Davies feels that consultants must be able
to talk to anyone from the financial director to the IT manager, so they can
explain the tangible benefits of an approach to one while explaining the
technicalities to the other. “Companies need to be confident that you know what
you’re talking about and have experienced what you’re talking about,” he says. Consultants
need to “be able to flip from the high level to the nitty-gritty”.
“The
consultant must have an X Factor – a reassuring air about them that they know
what they’re talking about.”
Part of this comes from good planning. It’s
no good knowing how to manage virtual servers if you can’t see or sketch out
the bigger picture. “They must be good planners and good at design
documentation,” says Cambers. “There’s no point being highly technical but poor
at documentation, because it’s that part that gives the customer confidence
that we’ve done our homework.”
Walker finds another attribute essential.
“I’d say that patience is key, since projects never run to plan and customers
often have shifting timescales and requirements. Being able to translate those
into technology solutions is the exciting part.” Davies concurs, but adds that
sometimes there’s a need to prevent customers from doing the wrong thing. “It’s
a hard and fast rule. If you’re going to do it, no cutting corners” do it
properly. If a customer wants to cut corners, you have to tell them ‘no’.”
Challenges and rewards
Virtualization has technical challenges,
from dealing with complex infrastructures to handling applications that don’t
work in a virtualized environment, although these are becoming less common as
the industry matures. There’s less need now to educate companies about the
benefits, since most understand the cost efficiencies. Still, some potential
clients may have been burned by poor work.

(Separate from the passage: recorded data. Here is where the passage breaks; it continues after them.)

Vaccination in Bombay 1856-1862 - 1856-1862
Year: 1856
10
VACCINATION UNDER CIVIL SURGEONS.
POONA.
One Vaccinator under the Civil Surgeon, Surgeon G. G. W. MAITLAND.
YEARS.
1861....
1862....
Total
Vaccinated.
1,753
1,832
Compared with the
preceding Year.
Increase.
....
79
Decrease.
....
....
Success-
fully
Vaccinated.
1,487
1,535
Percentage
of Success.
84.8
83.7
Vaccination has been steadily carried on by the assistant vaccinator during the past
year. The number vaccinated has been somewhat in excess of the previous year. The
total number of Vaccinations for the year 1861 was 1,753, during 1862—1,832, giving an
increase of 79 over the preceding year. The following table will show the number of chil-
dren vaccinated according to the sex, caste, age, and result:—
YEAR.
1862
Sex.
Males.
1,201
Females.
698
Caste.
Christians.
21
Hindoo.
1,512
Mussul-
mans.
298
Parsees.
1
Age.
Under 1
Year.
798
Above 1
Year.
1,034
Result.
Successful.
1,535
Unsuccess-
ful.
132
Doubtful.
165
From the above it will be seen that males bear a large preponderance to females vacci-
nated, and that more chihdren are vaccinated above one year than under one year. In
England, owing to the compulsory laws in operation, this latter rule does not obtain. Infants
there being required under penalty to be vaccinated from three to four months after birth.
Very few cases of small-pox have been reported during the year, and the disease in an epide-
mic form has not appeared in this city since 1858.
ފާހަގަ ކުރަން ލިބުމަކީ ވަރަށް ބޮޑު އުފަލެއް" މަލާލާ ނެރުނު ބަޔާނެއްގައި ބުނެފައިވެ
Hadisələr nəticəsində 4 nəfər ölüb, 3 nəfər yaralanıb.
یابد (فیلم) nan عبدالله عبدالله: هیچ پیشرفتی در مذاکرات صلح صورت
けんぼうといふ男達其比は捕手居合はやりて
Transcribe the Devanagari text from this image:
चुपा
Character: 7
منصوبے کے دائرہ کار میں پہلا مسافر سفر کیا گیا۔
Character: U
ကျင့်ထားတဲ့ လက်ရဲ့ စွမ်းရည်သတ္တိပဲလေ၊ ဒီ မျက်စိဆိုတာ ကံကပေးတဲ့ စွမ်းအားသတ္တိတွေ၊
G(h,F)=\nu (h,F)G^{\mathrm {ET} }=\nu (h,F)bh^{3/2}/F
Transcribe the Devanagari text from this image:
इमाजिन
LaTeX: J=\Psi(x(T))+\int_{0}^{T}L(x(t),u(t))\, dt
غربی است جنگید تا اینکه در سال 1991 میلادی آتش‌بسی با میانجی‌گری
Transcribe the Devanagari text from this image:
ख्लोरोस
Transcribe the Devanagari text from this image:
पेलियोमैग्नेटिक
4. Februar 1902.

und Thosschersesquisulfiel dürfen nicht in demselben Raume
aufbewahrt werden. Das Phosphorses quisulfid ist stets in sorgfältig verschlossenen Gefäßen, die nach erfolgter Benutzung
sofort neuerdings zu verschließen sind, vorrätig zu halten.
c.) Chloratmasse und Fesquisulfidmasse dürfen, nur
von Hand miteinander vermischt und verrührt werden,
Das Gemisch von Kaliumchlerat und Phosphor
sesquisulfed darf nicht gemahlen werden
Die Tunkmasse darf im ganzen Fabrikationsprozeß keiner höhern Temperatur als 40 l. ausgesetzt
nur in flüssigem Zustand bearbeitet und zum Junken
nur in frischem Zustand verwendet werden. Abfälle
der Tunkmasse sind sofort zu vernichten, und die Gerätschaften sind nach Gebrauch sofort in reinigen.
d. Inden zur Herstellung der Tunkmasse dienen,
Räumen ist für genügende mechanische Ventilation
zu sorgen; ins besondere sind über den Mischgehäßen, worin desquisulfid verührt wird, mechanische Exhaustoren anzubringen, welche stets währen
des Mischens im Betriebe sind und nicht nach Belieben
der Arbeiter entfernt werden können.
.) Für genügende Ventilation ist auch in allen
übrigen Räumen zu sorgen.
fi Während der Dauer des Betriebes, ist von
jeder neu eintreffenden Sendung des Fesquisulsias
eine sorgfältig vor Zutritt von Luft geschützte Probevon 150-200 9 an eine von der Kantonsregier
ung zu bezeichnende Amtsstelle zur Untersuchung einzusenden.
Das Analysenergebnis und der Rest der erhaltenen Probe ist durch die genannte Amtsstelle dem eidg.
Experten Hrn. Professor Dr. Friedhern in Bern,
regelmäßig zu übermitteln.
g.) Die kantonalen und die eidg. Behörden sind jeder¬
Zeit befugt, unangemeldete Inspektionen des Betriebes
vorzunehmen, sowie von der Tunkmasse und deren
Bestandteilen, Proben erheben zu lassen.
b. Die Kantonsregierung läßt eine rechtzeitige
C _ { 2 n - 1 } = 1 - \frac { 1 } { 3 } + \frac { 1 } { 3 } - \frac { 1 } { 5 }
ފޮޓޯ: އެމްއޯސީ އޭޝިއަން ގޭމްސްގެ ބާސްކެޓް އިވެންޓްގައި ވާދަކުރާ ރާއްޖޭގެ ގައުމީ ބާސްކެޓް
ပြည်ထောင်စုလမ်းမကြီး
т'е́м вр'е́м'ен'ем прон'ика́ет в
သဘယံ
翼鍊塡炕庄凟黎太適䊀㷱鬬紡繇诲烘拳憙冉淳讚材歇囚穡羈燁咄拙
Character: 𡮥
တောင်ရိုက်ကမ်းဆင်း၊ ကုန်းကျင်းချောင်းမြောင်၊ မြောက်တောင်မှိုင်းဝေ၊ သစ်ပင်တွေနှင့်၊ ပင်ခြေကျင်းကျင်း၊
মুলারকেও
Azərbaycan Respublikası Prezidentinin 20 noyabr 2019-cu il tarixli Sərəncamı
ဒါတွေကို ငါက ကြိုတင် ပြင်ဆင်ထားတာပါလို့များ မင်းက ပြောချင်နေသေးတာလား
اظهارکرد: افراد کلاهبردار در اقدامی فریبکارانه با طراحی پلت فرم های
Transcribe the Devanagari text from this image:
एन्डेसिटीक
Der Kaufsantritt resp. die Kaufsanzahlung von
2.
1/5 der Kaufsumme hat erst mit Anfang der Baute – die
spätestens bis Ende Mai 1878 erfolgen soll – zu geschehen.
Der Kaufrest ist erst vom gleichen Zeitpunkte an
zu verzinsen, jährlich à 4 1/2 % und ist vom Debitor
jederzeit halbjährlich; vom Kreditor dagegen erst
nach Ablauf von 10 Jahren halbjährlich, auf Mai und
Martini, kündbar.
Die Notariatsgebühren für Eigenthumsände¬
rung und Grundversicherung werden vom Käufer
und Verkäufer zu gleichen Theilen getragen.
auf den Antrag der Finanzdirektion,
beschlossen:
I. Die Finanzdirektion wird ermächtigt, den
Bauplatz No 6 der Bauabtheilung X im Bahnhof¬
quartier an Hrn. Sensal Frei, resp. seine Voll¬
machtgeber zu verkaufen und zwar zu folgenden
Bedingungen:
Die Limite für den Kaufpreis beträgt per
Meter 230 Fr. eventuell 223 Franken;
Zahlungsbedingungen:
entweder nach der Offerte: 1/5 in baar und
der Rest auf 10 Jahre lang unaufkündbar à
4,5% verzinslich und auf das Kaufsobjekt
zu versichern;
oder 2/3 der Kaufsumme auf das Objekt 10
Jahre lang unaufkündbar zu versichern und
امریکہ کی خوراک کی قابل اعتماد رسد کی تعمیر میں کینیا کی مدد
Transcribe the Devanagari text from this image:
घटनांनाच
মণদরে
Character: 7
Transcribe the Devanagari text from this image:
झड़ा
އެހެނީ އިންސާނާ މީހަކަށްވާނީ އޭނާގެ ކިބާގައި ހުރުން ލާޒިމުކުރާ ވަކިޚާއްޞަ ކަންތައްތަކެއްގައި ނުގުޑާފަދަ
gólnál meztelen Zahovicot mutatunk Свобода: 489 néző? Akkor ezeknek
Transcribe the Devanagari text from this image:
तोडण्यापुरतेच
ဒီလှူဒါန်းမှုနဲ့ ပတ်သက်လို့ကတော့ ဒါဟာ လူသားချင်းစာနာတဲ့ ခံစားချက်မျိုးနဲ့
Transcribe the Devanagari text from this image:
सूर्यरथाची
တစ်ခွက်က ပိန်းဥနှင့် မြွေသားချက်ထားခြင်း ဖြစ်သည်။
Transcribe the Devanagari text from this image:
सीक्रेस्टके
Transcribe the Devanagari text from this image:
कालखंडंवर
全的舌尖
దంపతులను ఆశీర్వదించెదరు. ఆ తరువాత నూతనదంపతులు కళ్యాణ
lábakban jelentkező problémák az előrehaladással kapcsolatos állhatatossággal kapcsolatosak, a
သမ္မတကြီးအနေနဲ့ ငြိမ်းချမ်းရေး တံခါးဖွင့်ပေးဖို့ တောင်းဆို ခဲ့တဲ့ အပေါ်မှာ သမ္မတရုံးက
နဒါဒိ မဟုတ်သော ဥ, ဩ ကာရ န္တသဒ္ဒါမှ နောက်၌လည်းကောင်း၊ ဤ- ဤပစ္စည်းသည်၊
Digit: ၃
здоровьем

“As virtualization becomes more popular,
there are a few cowboys out there who don’t know what they’re doing,” says Cambers.
“They’ll virtualize someone’s server infrastructure, and we’ll speak to them
[the client] and they’ll say ‘virtualization’s rubbish, it doesn’t work’ or
‘the performance is terrible’. That’s because they haven’t had the right
solution implemented and haven’t had it planned properly.”
The
virtualization market is undergoing constant reinvention
Walker notes the sheer pace of change in
the industry. “The virtualization market is undergoing constant reinvention,”
he says. “Vendors often integrate other products through acquisition rather
than develop their own. This poses problems for consultants, who are often
asked if they can provide skills for the acquisitions that have only just hit
the market, where often the v1 products are nothing more than sales tools.” The
burden is on the consultant, who has to be “prepared to invest a lot of
personal time in research and development in order to play with new releases
and understand whether known issues will be show-stoppers”.
That investment of personal time can pay
off. The average salary for consultants and engineers is $71,250-78,750, while
senior consultants and architects can earn $97,500 or more. Plus, there are all
the pleasures of working on a frontier. Davies talks of the thrill of deploying
several hundred desktop environments in less than four hours and seeing
customers’ amazement at what a relatively small IT consultancy can achieve.
Walker describes how he has “benefited from a career that has provided variety,
exposure to interesting customer environments and technical problems plus,
thankfully, enough consulting days per year to make working for myself
worthwhile.”
“It’s a great time to be in IT
infrastructure,” says Cambers. “We’re doing things that were previously
impossible; replicating servers between data centers efficiently and almost in
real-time.” And he feels the best is yet to come. “We’re always amazed at what
we see coming down the line. It keeps us excited.”